In the context of the instant case the issue is further exacerbated by utilizing a non-litigious procedural method which amounts virtually to an ex parte proceeding. The ex parte aspects of this case could not occur under a § 2281 proceeding as a state official must of necessity be made a party defendant and notice of the hearing given to the governor and attorney general of the state under § 2284(2). In making its suggestion, the majority implicitly recognizes that the case for constitutionality will likely receive an inadequate presentation on behalf of the present defendants. Nor could a court realistically expect more from an unwilling party with no adverse legal interest to be affected by the decision in this case. It is the general public which has a legal interest in upholding the constitutionality of the statute, and it is that public interest which is assured protection in a § 2281 proceeding. Here that interest will receive no protection, not perhaps because of philosophical disinterest but financial disinterest, *599a compelling consideration to privately financed litigants.

I would affirm the judgment of dismissal, without prejudice to the institution of a proper action challenging the Missouri statutes in question.
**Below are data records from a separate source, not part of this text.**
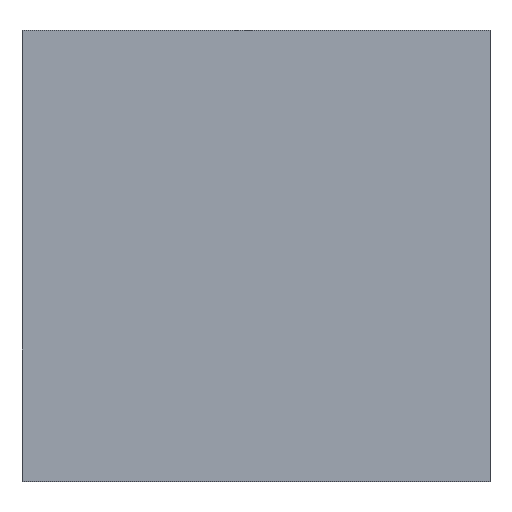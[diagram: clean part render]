
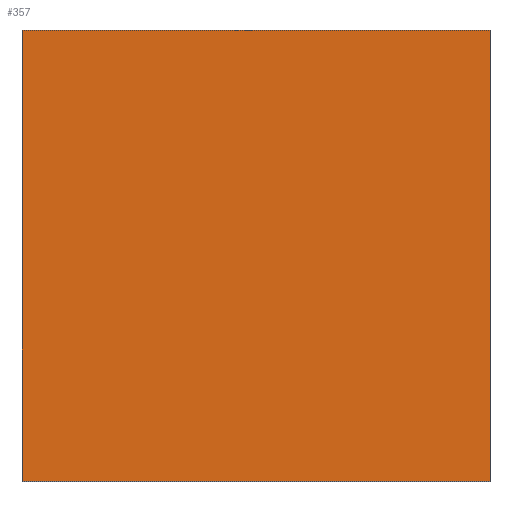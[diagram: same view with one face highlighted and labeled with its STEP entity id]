
A CAD part, top view. The second image highlights one B-rep face of the part: STEP entity #357.
In plain terms, the highlighted planar face has unit normal (0, 0, 1).
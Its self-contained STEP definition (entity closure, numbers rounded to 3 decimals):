
#43 = VERTEX_POINT('',#44);
#44 = CARTESIAN_POINT('',(0.,0.,2.75));
#51 = PLANE('',#52);
#52 = AXIS2_PLACEMENT_3D('',#53,#54,#55);
#53 = CARTESIAN_POINT('',(0.,0.,0.));
#54 = DIRECTION('',(1.,0.,-0.));
#55 = DIRECTION('',(0.,0.,1.));
#63 = PLANE('',#64);
#64 = AXIS2_PLACEMENT_3D('',#65,#66,#67);
#65 = CARTESIAN_POINT('',(0.,0.,0.));
#66 = DIRECTION('',(-0.,1.,0.));
#67 = DIRECTION('',(0.,0.,1.));
#104 = VERTEX_POINT('',#105);
#105 = CARTESIAN_POINT('',(0.,5.3,2.75));
#119 = PLANE('',#120);
#120 = AXIS2_PLACEMENT_3D('',#121,#122,#123);
#121 = CARTESIAN_POINT('',(0.,5.3,0.));
#122 = DIRECTION('',(-0.,1.,0.));
#123 = DIRECTION('',(0.,0.,1.));
#131 = EDGE_CURVE('',#43,#104,#132,.T.);
#132 = SURFACE_CURVE('',#133,(#137,#144),.PCURVE_S1.);
#133 = LINE('',#134,#135);
#134 = CARTESIAN_POINT('',(0.,0.,2.75));
#135 = VECTOR('',#136,1.);
#136 = DIRECTION('',(-0.,1.,0.));
#137 = PCURVE('',#51,#138);
#138 = DEFINITIONAL_REPRESENTATION('',(#139),#143);
#139 = LINE('',#140,#141);
#140 = CARTESIAN_POINT('',(2.75,0.));
#141 = VECTOR('',#142,1.);
#142 = DIRECTION('',(0.,-1.));
#143 = ( GEOMETRIC_REPRESENTATION_CONTEXT(2) 
PARAMETRIC_REPRESENTATION_CONTEXT() REPRESENTATION_CONTEXT('2D SPACE',''
  ) );
#144 = PCURVE('',#145,#150);
#145 = PLANE('',#146);
#146 = AXIS2_PLACEMENT_3D('',#147,#148,#149);
#147 = CARTESIAN_POINT('',(0.,0.,2.75));
#148 = DIRECTION('',(0.,0.,1.));
#149 = DIRECTION('',(1.,0.,-0.));
#150 = DEFINITIONAL_REPRESENTATION('',(#151),#155);
#151 = LINE('',#152,#153);
#152 = CARTESIAN_POINT('',(0.,0.));
#153 = VECTOR('',#154,1.);
#154 = DIRECTION('',(0.,1.));
#155 = ( GEOMETRIC_REPRESENTATION_CONTEXT(2) 
PARAMETRIC_REPRESENTATION_CONTEXT() REPRESENTATION_CONTEXT('2D SPACE',''
  ) );
#163 = VERTEX_POINT('',#164);
#164 = CARTESIAN_POINT('',(5.5,0.,2.75));
#171 = PLANE('',#172);
#172 = AXIS2_PLACEMENT_3D('',#173,#174,#175);
#173 = CARTESIAN_POINT('',(5.5,0.,0.));
#174 = DIRECTION('',(1.,0.,-0.));
#175 = DIRECTION('',(0.,0.,1.));
#214 = VERTEX_POINT('',#215);
#215 = CARTESIAN_POINT('',(5.5,5.3,2.75));
#236 = EDGE_CURVE('',#163,#214,#237,.T.);
#237 = SURFACE_CURVE('',#238,(#242,#249),.PCURVE_S1.);
#238 = LINE('',#239,#240);
#239 = CARTESIAN_POINT('',(5.5,0.,2.75));
#240 = VECTOR('',#241,1.);
#241 = DIRECTION('',(0.,1.,0.));
#242 = PCURVE('',#171,#243);
#243 = DEFINITIONAL_REPRESENTATION('',(#244),#248);
#244 = LINE('',#245,#246);
#245 = CARTESIAN_POINT('',(2.75,0.));
#246 = VECTOR('',#247,1.);
#247 = DIRECTION('',(0.,-1.));
#248 = ( GEOMETRIC_REPRESENTATION_CONTEXT(2) 
PARAMETRIC_REPRESENTATION_CONTEXT() REPRESENTATION_CONTEXT('2D SPACE',''
  ) );
#249 = PCURVE('',#145,#250);
#250 = DEFINITIONAL_REPRESENTATION('',(#251),#255);
#251 = LINE('',#252,#253);
#252 = CARTESIAN_POINT('',(5.5,0.));
#253 = VECTOR('',#254,1.);
#254 = DIRECTION('',(0.,1.));
#255 = ( GEOMETRIC_REPRESENTATION_CONTEXT(2) 
PARAMETRIC_REPRESENTATION_CONTEXT() REPRESENTATION_CONTEXT('2D SPACE',''
  ) );
#282 = EDGE_CURVE('',#43,#163,#283,.T.);
#283 = SURFACE_CURVE('',#284,(#288,#295),.PCURVE_S1.);
#284 = LINE('',#285,#286);
#285 = CARTESIAN_POINT('',(0.,0.,2.75));
#286 = VECTOR('',#287,1.);
#287 = DIRECTION('',(1.,0.,-0.));
#288 = PCURVE('',#63,#289);
#289 = DEFINITIONAL_REPRESENTATION('',(#290),#294);
#290 = LINE('',#291,#292);
#291 = CARTESIAN_POINT('',(2.75,0.));
#292 = VECTOR('',#293,1.);
#293 = DIRECTION('',(0.,1.));
#294 = ( GEOMETRIC_REPRESENTATION_CONTEXT(2) 
PARAMETRIC_REPRESENTATION_CONTEXT() REPRESENTATION_CONTEXT('2D SPACE',''
  ) );
#295 = PCURVE('',#145,#296);
#296 = DEFINITIONAL_REPRESENTATION('',(#297),#301);
#297 = LINE('',#298,#299);
#298 = CARTESIAN_POINT('',(0.,0.));
#299 = VECTOR('',#300,1.);
#300 = DIRECTION('',(1.,0.));
#301 = ( GEOMETRIC_REPRESENTATION_CONTEXT(2) 
PARAMETRIC_REPRESENTATION_CONTEXT() REPRESENTATION_CONTEXT('2D SPACE',''
  ) );
#329 = EDGE_CURVE('',#104,#214,#330,.T.);
#330 = SURFACE_CURVE('',#331,(#335,#342),.PCURVE_S1.);
#331 = LINE('',#332,#333);
#332 = CARTESIAN_POINT('',(0.,5.3,2.75));
#333 = VECTOR('',#334,1.);
#334 = DIRECTION('',(1.,0.,-0.));
#335 = PCURVE('',#119,#336);
#336 = DEFINITIONAL_REPRESENTATION('',(#337),#341);
#337 = LINE('',#338,#339);
#338 = CARTESIAN_POINT('',(2.75,0.));
#339 = VECTOR('',#340,1.);
#340 = DIRECTION('',(0.,1.));
#341 = ( GEOMETRIC_REPRESENTATION_CONTEXT(2) 
PARAMETRIC_REPRESENTATION_CONTEXT() REPRESENTATION_CONTEXT('2D SPACE',''
  ) );
#342 = PCURVE('',#145,#343);
#343 = DEFINITIONAL_REPRESENTATION('',(#344),#348);
#344 = LINE('',#345,#346);
#345 = CARTESIAN_POINT('',(0.,5.3));
#346 = VECTOR('',#347,1.);
#347 = DIRECTION('',(1.,0.));
#348 = ( GEOMETRIC_REPRESENTATION_CONTEXT(2) 
PARAMETRIC_REPRESENTATION_CONTEXT() REPRESENTATION_CONTEXT('2D SPACE',''
  ) );
#357 = ADVANCED_FACE('',(#358),#145,.T.);
#358 = FACE_BOUND('',#359,.T.);
#359 = EDGE_LOOP('',(#360,#361,#362,#363));
#360 = ORIENTED_EDGE('',*,*,#131,.F.);
#361 = ORIENTED_EDGE('',*,*,#282,.T.);
#362 = ORIENTED_EDGE('',*,*,#236,.T.);
#363 = ORIENTED_EDGE('',*,*,#329,.F.);

. 28 U.S.C. § 2201 provides :

In a case of actual controversy within its jurisdiction, except with respect to Federal taxes, any court of the United States, upon the filing of an appropriate pleading, may declare the rights and other legal relations of any interested party seeking such declaration, whether or not further relief is or could be sought. Any such declaration shall have the force and effect of a final judgment or decree and shall be reviewable as such.
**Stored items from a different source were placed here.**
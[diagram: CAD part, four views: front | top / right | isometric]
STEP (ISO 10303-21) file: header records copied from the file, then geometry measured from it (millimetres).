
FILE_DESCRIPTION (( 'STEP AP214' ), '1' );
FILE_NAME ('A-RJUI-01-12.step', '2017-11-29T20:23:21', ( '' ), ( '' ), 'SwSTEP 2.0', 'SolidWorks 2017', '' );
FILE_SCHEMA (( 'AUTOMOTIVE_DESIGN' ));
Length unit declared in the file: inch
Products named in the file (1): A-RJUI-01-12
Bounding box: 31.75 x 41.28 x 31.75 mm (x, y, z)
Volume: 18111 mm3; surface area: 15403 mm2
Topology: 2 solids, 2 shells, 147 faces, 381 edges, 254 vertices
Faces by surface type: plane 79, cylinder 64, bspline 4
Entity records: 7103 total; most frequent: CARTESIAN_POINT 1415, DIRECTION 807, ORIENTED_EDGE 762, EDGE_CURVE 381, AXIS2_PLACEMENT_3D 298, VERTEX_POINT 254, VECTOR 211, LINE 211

. This is succinctly indicated in defendants’ brief:

This basic complaint of I)r. Maths in this appeal is directed not at the [liability of defendants], but at the District Court’s refusal to decide the constitutional question. This contention creates a problem for appellees because their real concern is the fact that money damages had been sought against them and their status in that regard. Marek and Schnarr, as citizens and police officers, * * * are naturally interested in the broader question raised by appellants, but such interest is necessarily limited by the economic facts of life existing in an attorney-client relationship where funds of a public interest group are not available.

. It cannot seriously be contended that defendants’ status as police officers places them in a position where they can be required to litigate declaratory suits challenging state criminal statutes.

*598■ It is interesting to note that the plaintiff is represented by the American Civil Liberties Union in his endeavor to have the state statutes declared unconstitutional, while the .defendant police officers are on their own except for whatever insurance might be available to them to cover their personal liability. This is not meant as a reflection on the American Civil Liberties Union as it has a right to pursue issues in a judicial forum, but this in turn requires an adversary defendant capable of and interested in contesting the issue.